CBR 1000 RR-R Fireblade: un nome, una garanzia.

Dopo averla vista a Eicma la Honda CBR 1000 RR-R Fireblade ha finalmente una data d’uscita. Prima di svelarvela è d’obbligo una piccola descrizione di quella che si candida come regina delle supersportive. La CBR è una diretta rivale della Ducati Panigale V4 e come l’italiana ha dalla sua una dose imbarazzante di cavalli ed elettronica. Il quattro cilindri in linea sprigiona ben 217 cavalli, imbrigliati solo dall’elettronica e dal polso del pilota.

Eh già, qui bisogna parlare di piloti perché tutta questa potenza deve necessariamente finire nella mani esperte di chi sa domare tale abbondanza. Anche Marc Marquez nel test di qualche settimana fa ha trovato pane per i suoi denti. Lo dimostrano le evoluzioni che potete osservare nel video rilasciato da Honda e il sorriso dello spagnolo che la dice lunga su questa CBR 1000 RR-R. Non è necessario spingerla a 14.500 giri/min e neanche sbirciare sotto le carene per capire che sulla CBR c’è lo zampino di HRC.

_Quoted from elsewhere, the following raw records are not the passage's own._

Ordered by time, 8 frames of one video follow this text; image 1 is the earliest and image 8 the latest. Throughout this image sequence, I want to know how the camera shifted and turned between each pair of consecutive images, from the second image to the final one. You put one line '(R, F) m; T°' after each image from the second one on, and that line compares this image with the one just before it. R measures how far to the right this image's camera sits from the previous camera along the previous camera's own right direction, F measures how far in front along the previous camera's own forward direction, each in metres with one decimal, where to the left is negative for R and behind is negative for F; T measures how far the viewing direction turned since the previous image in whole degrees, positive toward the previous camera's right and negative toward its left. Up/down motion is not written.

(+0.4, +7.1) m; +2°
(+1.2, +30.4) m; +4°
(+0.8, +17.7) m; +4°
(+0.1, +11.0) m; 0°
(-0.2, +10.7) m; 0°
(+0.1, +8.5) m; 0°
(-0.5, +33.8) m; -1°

Il reparto sportivo Honda da tempo collabora con il reparto stradale per sfornare moto che siano il più performanti possibile. Basta uno sguardo per rivelare una morbosa attenzione all’aerodinamica, comprensiva di prese d’aria e alette di chiara derivazione Moto GP. Tutto ciò contribuisce a rendere la CBR affilata ma stabile anche e soprattutto alle alte velocità. Scriveremo e parleremo più approfonditamente di lei quando avremo modo di vederla e perché no toccarla dal vivo. Al momento possiamo fidarci delle dichiarazioni ufficiali e di una scheda tecnica che non lascia scampo ai dubbi.

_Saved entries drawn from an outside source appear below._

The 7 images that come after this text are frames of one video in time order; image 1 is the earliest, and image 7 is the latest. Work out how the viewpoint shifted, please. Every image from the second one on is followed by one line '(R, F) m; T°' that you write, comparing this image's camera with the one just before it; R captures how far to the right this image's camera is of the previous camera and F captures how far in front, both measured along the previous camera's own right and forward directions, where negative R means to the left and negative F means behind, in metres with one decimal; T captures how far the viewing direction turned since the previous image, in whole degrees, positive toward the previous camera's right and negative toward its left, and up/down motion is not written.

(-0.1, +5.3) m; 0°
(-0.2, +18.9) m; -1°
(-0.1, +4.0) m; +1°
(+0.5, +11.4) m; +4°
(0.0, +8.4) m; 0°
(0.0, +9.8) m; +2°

Il pacchetto base già molto ricco e specifico include telaio in alluminio con struttura a diamante e un forcellone del tutto simile a quello che si trova sulla controparte da pista ovvero l’iconica RC213V. Non mancano freni Brembo e dettagli chiaramente da competizione. Ma le sorprese non finiscono qui. Sarà infatti commercializzata una versione SP comprensiva di cambio con funzione quickshifter sia in salita che in scalata, freni Brembo di fattura superiore rispetto agli originali e sospensioni elettroniche Ohlins al posto delle Showa. Sembra la carta d’identità di una moto da corsa targata, e forse in fondo è proprio così.

Ecco perché ritengo la nuova CBR un enorme passo avanti rispetto alla versione precedente, accusata troppo spesso di essere troppo morbida e poco incisiva rispetto alle sue antenate. La vera domanda è se sarà in grado di dar del filo da torcere a regine affermate del segmento. A inizio articolo ho citato la demoniaca Ducati Panigale V4s ma non sono da meno le varie versioni di Yamaha R1 e le BMW S1000RR.

Insomma, Honda è avvisata. La CBR  deve confermarsi brutale e competitiva come sembra essere da queste prime informazioni. Ma torniamo al fulcro. Vedremo la CBR nei concessionari da fine febbraio al prezzo di 22.300 euro per la versione normale che salgono a poco meno di 27 mila per la SP. Prezzi abbastanza d’attacco, e chissà, forse, oltre al prezzo, anche la sostanza sarà superiore a una buona parte delle sue agguerrite rivali.